Andrew Smith: 00:27:40.169 Okay. So I’ve already introduced a core leacher that removes a ceramic core from within a turbine blade after it when it is a turbine blade. And if I give some background to this machine, the machine uses hydroxide, potassium hydroxide. It’s a dangerous and costly chemical, and they use the same tank of hydroxide month on month. And as it dissolves more and more core, which is silica material, it creates silicates, and the hydroxide gets depleted. Now, both the silicates that are remaining and the hydroxide are high PH. Actually measuring PH, it’s always 14 or 15, but measuring how much hydroxide is left has a real customer value. I’ll come to that in a minute, because if you knew when your hydroxide was going to run out or you knew you were running with 50% hydroxide, you would massively be able to reduce quality defects. And so it’s a value to customers, and no one can do this. So a little bit of insight that we combined that background with is that hydroxide has a very low vapor pressure, and that if you’ve got not much hydroxide, when you are pressurizing potassium hydroxide, you get a slightly higher vapor pressure, because the more hydroxide you have, the lower the vapor pressure is. And the other thing we had was loads of data, because this was one of the first machines that we connected up. We had between about 18 months of data during which they had been just running this machine daily and exhausting the potassium hydroxide. We had pressures, temperatures, valves, pumps, everything. And it was a very rich data set. It included both operational prep, operational conditions with fresh hydroxide, spent hydroxide, and everything in the middle.

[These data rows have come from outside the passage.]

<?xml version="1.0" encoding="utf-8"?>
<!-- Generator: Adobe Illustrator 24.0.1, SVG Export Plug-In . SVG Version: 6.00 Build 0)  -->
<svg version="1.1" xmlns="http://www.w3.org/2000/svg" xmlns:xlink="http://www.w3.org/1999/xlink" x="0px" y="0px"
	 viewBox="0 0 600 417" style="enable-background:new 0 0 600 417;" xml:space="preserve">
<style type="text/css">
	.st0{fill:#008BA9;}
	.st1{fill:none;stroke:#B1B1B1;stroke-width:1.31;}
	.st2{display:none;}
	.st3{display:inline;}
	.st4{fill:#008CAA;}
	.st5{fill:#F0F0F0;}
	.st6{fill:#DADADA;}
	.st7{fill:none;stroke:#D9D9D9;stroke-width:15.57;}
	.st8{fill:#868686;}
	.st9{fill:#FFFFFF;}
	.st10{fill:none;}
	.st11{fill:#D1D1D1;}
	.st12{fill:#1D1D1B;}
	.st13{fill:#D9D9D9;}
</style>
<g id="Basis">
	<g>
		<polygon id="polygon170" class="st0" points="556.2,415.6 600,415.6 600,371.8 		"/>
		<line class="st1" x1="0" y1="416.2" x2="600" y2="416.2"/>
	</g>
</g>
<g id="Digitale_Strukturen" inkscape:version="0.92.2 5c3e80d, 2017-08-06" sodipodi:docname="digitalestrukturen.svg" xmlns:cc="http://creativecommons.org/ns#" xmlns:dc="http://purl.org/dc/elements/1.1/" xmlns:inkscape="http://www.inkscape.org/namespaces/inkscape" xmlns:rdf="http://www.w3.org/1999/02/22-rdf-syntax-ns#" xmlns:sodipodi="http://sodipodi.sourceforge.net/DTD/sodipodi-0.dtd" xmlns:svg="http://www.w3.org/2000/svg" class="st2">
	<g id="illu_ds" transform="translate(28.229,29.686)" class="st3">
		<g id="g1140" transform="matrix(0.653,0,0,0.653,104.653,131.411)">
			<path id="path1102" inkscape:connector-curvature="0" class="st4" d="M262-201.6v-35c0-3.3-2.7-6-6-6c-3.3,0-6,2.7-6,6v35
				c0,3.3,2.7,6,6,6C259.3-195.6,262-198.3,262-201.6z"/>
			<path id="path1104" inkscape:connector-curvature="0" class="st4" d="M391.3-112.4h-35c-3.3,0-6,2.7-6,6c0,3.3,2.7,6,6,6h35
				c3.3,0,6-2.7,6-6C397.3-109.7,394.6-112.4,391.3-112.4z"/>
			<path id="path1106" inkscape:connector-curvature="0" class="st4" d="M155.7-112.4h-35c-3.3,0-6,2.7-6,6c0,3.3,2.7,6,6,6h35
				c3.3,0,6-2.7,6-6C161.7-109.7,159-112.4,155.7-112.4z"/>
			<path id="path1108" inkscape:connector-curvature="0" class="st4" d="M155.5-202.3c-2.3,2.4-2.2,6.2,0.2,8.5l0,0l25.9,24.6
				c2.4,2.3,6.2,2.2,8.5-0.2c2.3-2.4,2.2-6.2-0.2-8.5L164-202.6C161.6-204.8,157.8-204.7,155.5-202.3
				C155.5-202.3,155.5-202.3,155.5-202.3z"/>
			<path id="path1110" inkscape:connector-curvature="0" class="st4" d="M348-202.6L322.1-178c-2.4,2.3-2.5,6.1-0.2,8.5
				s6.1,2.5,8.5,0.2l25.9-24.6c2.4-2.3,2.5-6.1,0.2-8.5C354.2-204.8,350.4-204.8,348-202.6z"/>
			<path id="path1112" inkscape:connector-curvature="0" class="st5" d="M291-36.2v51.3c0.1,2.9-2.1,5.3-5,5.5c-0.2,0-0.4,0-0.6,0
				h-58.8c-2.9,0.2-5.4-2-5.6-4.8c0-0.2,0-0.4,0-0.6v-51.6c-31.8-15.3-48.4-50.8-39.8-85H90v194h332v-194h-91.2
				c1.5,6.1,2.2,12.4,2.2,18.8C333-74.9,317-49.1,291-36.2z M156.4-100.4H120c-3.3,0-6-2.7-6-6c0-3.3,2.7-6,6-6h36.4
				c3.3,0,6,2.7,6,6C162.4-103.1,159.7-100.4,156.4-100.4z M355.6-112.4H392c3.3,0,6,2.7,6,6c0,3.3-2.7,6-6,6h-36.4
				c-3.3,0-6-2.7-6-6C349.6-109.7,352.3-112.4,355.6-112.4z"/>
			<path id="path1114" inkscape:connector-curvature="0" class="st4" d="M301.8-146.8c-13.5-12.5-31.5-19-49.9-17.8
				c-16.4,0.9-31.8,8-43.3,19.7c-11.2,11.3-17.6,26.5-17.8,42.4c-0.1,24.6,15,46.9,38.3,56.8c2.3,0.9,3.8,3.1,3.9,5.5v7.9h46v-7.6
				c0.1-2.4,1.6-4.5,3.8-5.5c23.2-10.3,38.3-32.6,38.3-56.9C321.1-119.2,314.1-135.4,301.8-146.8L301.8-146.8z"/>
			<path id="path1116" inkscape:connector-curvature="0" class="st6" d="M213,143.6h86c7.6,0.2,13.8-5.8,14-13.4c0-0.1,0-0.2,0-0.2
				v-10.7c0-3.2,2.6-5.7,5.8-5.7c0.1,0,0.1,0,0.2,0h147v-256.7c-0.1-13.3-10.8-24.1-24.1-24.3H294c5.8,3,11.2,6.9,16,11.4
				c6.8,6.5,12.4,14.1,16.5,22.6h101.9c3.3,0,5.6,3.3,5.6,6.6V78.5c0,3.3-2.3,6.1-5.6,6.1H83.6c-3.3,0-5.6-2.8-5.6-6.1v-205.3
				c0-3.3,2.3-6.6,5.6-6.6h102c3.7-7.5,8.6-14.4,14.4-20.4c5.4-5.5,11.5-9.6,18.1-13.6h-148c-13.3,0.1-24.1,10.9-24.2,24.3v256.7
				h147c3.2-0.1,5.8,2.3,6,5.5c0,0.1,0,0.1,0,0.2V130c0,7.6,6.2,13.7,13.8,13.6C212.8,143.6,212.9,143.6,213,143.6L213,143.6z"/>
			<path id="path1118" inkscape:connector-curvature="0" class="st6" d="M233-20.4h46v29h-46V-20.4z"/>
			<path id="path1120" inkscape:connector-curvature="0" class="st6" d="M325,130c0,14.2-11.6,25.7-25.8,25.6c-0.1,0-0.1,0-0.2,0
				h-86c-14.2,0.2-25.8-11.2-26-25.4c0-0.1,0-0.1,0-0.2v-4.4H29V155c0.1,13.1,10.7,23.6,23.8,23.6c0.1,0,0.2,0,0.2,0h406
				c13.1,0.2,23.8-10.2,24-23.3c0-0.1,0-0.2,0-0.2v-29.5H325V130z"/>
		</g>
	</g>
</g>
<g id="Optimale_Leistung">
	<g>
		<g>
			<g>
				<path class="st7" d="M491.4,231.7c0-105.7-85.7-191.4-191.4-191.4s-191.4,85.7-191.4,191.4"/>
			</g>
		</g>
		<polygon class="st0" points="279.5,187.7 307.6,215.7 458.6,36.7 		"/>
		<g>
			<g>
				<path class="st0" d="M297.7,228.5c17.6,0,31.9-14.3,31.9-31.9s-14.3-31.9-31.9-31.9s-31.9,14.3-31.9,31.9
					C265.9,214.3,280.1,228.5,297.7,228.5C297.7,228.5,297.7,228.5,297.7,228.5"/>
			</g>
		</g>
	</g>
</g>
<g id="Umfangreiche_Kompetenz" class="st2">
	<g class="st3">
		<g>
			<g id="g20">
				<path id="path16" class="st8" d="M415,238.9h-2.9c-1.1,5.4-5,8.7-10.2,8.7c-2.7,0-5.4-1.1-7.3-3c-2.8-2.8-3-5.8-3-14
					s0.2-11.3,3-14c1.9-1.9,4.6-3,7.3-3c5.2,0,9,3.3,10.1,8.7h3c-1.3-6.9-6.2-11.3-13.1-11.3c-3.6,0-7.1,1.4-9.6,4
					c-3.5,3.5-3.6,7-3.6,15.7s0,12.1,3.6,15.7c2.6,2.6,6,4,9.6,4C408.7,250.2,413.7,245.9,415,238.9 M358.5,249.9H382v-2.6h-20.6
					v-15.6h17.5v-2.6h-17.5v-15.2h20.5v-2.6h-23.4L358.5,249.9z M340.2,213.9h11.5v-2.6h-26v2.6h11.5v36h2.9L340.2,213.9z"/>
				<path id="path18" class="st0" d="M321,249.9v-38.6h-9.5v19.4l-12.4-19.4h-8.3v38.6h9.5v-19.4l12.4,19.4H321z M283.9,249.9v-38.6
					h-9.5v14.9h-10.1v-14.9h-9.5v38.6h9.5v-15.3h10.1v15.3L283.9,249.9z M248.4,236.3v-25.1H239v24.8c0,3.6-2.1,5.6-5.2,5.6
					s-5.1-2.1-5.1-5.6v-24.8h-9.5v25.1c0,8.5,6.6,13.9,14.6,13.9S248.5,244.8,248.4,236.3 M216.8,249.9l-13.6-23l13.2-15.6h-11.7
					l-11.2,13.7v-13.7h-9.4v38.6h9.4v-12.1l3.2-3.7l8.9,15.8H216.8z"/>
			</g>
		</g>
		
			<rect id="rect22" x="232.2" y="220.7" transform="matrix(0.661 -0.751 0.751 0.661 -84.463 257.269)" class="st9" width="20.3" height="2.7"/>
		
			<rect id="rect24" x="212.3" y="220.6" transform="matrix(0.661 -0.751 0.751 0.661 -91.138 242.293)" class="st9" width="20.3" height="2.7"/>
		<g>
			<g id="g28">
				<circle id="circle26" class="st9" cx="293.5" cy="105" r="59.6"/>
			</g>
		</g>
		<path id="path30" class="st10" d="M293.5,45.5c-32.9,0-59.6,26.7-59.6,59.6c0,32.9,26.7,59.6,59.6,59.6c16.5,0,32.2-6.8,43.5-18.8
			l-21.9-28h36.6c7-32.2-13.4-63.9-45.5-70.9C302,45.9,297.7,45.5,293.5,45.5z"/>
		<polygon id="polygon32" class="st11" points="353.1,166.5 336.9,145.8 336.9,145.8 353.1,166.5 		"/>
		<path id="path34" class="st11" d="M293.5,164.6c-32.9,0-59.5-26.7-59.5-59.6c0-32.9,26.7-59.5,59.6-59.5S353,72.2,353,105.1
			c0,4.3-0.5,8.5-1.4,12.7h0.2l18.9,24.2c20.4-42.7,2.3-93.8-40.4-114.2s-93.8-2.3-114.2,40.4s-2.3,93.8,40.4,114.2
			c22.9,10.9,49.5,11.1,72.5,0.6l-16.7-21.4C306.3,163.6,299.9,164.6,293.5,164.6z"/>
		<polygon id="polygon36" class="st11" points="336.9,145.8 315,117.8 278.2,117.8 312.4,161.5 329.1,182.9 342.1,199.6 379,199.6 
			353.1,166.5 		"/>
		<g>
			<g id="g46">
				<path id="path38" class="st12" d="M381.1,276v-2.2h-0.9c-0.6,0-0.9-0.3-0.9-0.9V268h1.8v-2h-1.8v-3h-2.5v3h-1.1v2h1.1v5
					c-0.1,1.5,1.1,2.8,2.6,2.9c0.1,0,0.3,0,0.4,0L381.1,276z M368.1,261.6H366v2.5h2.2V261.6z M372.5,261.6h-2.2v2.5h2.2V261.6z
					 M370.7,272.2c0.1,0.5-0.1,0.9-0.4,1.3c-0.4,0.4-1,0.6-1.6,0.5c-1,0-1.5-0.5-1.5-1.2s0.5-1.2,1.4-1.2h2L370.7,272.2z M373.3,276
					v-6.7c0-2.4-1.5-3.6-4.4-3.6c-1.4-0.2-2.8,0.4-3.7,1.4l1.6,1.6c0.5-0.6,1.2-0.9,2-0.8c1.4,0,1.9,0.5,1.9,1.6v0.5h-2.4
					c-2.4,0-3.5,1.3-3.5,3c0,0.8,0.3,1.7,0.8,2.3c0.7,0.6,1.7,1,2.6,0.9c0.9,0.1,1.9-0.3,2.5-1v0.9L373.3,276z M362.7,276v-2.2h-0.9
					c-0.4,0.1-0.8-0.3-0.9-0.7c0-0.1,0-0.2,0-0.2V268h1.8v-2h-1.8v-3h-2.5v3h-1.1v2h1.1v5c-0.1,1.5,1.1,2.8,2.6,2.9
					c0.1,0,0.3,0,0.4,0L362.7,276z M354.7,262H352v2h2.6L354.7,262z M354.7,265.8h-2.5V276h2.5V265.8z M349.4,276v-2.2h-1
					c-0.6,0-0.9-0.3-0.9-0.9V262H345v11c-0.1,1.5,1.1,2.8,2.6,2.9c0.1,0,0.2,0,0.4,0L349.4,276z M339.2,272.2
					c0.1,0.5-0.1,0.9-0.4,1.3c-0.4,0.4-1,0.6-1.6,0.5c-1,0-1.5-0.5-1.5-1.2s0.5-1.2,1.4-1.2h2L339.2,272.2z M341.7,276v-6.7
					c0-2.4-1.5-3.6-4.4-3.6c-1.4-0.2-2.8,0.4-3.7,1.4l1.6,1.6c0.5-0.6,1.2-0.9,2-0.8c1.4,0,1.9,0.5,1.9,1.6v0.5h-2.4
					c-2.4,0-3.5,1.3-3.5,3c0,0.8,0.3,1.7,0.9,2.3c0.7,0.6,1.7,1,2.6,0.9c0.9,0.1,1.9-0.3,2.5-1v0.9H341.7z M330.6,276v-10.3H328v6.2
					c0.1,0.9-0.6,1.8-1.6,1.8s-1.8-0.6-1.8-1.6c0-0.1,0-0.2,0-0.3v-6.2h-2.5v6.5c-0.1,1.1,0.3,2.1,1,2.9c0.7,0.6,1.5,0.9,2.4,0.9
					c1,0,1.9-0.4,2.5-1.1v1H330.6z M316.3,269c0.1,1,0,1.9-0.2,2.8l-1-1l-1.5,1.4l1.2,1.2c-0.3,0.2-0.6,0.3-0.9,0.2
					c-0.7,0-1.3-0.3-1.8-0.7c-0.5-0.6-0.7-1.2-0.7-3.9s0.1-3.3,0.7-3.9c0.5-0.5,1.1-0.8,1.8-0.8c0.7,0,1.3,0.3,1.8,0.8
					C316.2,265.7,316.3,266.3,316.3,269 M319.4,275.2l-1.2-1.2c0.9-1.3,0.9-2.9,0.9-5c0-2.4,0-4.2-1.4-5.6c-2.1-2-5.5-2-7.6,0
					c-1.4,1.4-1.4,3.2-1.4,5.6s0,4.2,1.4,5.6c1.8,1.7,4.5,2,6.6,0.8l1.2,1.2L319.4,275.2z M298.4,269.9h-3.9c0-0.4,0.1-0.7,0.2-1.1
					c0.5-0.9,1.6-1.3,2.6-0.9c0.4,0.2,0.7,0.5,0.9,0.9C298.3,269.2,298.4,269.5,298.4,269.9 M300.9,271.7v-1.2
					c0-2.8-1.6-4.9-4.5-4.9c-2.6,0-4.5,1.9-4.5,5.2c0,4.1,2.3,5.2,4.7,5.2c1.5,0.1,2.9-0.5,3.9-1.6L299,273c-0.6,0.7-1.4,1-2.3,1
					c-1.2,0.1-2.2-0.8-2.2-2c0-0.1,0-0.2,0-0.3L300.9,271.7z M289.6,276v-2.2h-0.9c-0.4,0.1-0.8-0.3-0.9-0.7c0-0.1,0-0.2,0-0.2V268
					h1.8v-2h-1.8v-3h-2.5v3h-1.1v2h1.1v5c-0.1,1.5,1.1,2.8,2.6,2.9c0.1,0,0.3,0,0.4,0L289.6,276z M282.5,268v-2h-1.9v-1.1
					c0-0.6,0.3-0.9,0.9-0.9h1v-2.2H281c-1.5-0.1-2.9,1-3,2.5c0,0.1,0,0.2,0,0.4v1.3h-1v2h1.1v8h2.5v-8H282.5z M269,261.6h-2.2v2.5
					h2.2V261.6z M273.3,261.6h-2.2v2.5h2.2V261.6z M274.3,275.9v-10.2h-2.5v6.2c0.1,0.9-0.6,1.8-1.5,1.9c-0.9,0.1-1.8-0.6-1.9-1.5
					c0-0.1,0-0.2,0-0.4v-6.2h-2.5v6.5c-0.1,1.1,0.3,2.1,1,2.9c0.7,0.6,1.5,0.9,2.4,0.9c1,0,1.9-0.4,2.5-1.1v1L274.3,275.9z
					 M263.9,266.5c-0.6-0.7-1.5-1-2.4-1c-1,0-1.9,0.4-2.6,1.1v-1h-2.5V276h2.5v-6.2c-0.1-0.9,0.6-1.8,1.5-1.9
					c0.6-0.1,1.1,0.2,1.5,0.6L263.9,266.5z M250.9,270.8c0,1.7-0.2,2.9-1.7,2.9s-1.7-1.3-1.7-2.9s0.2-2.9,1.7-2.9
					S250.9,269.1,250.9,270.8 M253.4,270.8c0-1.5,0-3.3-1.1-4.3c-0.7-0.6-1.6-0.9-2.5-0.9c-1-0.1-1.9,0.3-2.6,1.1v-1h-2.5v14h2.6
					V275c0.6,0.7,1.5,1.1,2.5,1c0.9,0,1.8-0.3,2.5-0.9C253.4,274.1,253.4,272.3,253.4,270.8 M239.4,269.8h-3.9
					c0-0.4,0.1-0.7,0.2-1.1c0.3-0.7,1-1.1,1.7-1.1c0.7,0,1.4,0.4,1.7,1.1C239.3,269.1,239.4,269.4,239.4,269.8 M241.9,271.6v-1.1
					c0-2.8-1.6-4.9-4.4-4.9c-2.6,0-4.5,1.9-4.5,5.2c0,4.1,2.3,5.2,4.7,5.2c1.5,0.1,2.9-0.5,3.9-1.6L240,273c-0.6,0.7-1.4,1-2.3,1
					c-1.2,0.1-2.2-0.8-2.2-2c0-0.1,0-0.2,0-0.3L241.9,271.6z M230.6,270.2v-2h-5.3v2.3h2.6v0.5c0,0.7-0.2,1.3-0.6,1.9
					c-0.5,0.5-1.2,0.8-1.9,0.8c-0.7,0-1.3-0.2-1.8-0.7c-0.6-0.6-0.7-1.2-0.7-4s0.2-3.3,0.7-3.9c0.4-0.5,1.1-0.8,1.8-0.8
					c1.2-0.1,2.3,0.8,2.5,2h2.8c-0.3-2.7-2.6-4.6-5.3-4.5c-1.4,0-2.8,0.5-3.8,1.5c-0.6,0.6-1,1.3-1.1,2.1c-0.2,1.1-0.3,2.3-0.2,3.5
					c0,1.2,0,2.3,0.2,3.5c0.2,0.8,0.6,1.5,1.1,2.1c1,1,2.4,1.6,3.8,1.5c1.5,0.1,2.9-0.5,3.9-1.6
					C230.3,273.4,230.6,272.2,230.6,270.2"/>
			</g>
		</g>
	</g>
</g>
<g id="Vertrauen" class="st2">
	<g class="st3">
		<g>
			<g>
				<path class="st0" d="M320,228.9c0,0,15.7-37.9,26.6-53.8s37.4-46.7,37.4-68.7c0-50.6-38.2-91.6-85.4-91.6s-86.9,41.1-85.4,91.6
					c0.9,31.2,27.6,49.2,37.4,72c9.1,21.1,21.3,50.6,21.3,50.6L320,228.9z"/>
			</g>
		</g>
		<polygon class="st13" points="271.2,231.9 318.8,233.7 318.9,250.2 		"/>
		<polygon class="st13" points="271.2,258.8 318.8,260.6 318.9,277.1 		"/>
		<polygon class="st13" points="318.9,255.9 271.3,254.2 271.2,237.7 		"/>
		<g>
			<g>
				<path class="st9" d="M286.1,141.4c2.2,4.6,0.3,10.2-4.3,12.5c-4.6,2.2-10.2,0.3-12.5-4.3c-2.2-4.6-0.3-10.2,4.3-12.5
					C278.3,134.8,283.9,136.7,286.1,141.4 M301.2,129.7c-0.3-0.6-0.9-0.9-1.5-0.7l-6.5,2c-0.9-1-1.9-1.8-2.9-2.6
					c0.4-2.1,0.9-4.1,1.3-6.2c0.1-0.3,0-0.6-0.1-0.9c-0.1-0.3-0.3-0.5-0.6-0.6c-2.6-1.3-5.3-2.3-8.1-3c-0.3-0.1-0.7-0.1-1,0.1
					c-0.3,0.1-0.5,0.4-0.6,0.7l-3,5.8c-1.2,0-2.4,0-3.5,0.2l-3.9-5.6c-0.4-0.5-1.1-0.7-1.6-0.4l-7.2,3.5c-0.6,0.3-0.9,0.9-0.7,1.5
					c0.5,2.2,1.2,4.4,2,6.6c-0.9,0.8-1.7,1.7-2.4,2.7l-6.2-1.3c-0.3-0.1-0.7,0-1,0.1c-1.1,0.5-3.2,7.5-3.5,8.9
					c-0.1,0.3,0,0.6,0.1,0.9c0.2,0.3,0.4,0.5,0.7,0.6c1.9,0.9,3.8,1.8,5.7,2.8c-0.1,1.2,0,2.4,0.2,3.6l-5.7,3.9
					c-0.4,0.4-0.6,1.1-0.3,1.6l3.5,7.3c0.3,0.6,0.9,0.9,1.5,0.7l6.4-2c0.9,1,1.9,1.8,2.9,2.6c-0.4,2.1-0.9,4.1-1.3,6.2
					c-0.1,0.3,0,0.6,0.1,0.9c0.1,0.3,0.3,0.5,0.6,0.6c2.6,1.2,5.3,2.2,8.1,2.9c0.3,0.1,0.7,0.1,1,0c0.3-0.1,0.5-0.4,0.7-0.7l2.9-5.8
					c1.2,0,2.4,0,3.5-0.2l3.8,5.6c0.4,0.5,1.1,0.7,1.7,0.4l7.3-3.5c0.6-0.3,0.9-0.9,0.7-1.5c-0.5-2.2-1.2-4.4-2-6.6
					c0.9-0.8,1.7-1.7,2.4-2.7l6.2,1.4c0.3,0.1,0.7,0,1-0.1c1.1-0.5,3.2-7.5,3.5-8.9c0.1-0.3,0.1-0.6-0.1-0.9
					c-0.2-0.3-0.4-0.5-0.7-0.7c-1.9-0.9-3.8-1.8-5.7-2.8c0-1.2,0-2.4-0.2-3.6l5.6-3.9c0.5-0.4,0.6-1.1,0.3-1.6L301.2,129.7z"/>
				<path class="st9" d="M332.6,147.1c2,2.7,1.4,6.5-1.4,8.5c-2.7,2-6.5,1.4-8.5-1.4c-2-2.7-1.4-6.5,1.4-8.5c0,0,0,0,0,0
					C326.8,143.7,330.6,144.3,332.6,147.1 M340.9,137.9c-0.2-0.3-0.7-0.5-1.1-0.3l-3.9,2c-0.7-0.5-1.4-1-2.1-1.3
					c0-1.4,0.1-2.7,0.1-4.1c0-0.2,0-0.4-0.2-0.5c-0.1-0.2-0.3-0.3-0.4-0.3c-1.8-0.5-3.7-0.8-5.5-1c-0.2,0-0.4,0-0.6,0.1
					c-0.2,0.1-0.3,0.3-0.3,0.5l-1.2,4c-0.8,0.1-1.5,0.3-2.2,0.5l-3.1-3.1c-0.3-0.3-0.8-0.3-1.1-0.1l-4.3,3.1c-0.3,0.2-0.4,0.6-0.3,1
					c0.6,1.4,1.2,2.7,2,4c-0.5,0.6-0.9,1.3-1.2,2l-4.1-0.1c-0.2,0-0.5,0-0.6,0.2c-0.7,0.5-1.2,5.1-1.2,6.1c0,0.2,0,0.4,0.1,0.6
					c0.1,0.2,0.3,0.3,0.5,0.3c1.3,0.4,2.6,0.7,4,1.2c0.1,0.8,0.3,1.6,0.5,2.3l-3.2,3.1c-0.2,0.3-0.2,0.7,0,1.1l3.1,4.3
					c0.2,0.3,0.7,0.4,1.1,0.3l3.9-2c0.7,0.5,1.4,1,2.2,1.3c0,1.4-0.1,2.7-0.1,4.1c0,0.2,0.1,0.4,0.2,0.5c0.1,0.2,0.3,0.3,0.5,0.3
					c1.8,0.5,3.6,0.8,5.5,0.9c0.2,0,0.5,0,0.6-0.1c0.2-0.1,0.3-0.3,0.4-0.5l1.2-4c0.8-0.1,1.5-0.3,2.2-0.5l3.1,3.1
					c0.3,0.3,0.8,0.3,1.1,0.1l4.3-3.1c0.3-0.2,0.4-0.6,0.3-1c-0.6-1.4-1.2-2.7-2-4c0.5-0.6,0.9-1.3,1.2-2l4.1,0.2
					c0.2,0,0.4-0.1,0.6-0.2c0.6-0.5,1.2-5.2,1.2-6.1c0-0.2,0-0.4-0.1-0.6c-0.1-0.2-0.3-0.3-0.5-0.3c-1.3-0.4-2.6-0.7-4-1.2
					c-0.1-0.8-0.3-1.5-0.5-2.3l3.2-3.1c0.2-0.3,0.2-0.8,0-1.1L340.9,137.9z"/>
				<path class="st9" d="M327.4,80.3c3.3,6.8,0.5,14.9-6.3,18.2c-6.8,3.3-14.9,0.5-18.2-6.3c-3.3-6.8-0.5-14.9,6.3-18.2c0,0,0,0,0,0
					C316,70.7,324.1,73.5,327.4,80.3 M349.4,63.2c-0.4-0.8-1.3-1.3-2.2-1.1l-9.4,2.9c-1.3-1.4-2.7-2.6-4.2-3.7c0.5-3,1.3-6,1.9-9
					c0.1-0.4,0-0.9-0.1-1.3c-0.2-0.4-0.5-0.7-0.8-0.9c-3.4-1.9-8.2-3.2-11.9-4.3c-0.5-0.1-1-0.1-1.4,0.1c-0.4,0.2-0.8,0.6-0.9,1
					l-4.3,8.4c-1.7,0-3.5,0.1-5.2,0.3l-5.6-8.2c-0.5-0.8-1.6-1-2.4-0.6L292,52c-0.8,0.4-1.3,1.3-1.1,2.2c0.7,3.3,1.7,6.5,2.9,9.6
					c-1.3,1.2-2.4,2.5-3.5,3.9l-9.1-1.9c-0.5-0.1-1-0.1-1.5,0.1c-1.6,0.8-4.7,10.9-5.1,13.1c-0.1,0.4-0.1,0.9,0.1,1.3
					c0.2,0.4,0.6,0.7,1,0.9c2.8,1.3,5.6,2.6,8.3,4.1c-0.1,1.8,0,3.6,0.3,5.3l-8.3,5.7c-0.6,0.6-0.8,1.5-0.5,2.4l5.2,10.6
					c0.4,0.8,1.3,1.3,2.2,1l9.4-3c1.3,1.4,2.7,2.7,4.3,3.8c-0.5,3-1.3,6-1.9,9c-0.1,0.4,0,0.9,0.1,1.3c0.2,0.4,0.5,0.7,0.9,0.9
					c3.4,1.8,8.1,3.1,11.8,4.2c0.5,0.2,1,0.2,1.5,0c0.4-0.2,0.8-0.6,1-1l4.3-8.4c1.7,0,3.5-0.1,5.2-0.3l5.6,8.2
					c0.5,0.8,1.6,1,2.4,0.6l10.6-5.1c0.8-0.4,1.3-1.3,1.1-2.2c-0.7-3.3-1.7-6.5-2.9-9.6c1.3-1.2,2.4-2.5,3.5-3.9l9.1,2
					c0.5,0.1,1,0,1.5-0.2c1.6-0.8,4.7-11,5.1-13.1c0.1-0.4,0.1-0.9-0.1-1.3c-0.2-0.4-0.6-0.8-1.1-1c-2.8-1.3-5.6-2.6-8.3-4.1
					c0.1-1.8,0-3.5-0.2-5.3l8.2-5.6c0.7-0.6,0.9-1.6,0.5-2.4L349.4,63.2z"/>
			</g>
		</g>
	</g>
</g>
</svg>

Andrew Smith: 00:29:52.225 Okay. So the challenge was can we estimate hydroxide strength purely from data, and can we predict when the hydroxide for this customer is going to be exhausted? Now, bear in mind, this is a challenge that’s difficult even if we were to fit the machine with lots of instruments to measure different things. We discovered the challenge after we had just been collecting data from this thing for a year, and we were going to try and do it without any instruments at all, purely from analyzing data. Okay. So to start getting into the nitty-gritty of what Influx can do and what we use it for in terms of processing, I’ll introduce you to cycle number 1247, which it looks like was done back end of 2021. And so along the bottom here, we have a valve opening and closing or a couple of valves that [inaudible] things. Yeah. We have a pressure that’s ramping up between, as it happens, nine bar, and then it relaxes down to about two bar, and that is the core leaching cycle. Now, I’m only interested in the place where potassium hydroxide generates its own pressure, so I’m only interested in certain data points in this data. So we have to isolate those. And at the beginning, this data is very noisy. So we now have to draw a best fit line through all this data and extrapolate back to the start of the cycle and then decide, “Right. We’re going to give that vapor pressure for that cycle 2.4 or something.”
Andrew Smith: 00:31:44.148 Okay. So if I just talk briefly about the Flux code. So remember, we’re trying to isolate data points, draw a best fit line, and come up with a single value. So first, I’m selecting parameters of interest, pivot, and fill, which is probably one of the most common things we use for working out what things happened together — I think pivot and fill should be a single function — the computation of some auxiliary filter variables to help us work out do we need this data or do not need this data, and then a filtering process, and then on this page, setting up regression of all the points, computing some terms to compute this regression analysis, calculation of the slope and intercept of the line, and then I think computing a final value, and preparing it for some kind of display. Okay, now we’re going to do that with a lot of data, because this was a year’s worth of data. And actually. We had 12 months of data, 150 cycles, 1.3 million points, and that’s only pressure points. I mean, the database had stored some 200 variables, so we haven’t even started to dig in that stuff yet. But we have dug in the single variable pressure and a couple of valves opening and closing. Now, that actually is done by Influx in 10 seconds. And I don’t know if this will work if I just jump out here. So that’s performing that analysis. Again, there’s no need because it’s actually stored somewhere anyway. There you go. I think it got to 10.5 seconds.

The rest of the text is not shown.